When I discovered the identity of my bloodline women, I found meaning to my life. The women of my bloodline were storytellers, initiates of the Great Black Mother. Ten thousand years ago, they travelled from village to village, sat in sacred circles, sharing their Love for the Great Mother. But when patriarchy threatened to destroy their way of Life, they sacrificed their identity, and went underground to hide the wisdom stories of the Great Mother. And they waited for the prophesied time. Like so many ancient tribes, and First Nations Peoples of the world, they knew their stories would be returned at a time when they were needed the most.

Today, as the sun sets, on a far too warm winter’s day in Sydney, I bow with reverence to my ancestors. The stories are written (currently as an unpublished novella). I don’t know how long it will take to publish their stories. I am sure it will happen when the time is right. In the meantime, the women of my bloodline have returned Home to the Light of the Great Mother. Their work is done. And mine has just begun. It’s time for me to return to the ‘top soil.’ ‘The Goddess Dances’ workshop is one of the ways I spread my ancestors’ Wisdom, and share their Love for the Great Mother.

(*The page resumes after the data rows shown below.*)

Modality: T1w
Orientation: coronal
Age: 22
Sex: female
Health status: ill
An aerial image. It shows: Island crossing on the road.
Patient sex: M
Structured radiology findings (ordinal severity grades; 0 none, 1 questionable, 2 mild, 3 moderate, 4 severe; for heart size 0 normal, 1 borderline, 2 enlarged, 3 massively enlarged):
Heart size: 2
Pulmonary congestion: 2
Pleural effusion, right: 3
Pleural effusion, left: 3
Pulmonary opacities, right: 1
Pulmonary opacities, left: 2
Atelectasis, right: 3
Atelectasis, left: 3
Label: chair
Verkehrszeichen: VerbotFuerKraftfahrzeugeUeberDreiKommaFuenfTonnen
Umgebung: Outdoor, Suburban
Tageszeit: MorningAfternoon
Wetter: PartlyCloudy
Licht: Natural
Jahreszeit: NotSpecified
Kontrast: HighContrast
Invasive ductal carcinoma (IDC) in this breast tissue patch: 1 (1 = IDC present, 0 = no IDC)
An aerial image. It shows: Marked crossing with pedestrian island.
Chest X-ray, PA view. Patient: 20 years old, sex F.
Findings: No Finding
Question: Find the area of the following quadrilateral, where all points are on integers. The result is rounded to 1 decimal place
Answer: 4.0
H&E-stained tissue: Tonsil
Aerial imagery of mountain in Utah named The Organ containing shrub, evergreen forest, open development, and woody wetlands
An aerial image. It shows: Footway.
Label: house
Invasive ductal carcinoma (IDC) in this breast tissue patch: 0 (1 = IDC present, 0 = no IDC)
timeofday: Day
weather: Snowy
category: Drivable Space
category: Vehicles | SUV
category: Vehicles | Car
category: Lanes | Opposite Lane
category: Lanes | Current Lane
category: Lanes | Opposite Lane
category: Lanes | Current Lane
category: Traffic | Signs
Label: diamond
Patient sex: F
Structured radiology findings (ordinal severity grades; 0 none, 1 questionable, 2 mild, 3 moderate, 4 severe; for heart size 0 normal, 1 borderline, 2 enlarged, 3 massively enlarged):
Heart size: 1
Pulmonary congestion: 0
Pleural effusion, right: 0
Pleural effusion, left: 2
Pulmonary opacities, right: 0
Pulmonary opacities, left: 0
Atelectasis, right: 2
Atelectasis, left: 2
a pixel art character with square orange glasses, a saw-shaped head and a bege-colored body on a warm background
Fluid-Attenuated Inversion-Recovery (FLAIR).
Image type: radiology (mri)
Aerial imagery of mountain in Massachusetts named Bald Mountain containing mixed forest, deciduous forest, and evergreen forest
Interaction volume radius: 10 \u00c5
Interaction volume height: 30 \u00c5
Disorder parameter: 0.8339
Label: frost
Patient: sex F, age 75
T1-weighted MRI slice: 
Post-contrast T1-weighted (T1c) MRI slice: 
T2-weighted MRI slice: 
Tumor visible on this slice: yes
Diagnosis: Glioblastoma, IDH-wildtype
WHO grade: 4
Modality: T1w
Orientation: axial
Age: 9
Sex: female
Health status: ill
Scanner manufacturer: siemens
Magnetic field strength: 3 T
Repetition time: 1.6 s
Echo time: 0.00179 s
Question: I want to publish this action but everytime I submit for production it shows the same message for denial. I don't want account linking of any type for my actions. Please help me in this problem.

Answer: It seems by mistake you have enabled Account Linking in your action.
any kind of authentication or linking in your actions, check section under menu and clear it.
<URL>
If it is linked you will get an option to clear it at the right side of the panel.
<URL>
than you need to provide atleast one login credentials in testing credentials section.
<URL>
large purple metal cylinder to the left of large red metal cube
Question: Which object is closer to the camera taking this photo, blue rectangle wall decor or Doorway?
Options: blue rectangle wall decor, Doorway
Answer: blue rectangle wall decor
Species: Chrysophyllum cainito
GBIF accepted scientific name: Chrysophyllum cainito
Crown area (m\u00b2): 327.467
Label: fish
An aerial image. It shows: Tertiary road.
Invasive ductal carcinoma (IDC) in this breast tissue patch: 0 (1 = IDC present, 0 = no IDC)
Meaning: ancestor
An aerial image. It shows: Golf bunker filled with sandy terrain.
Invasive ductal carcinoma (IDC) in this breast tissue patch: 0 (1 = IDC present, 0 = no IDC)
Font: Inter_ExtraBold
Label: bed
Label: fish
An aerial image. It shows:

Recently, I have met many women and men, who are walking this path, back to Love. It feels like we’re all returning from the underground, healed because we have dared to share our stories and those of our ancestors. In this way, human history is being re- written, because women and other minorities are adding their stories back into the world after being silenced for far too long. This is why many of us are returning to Remembrance: To a time when humanity lived in peace and harmony. That’s why we can reimagine a world where Love transmutes fear. Hope and Courage have returned to ‘the top soil.’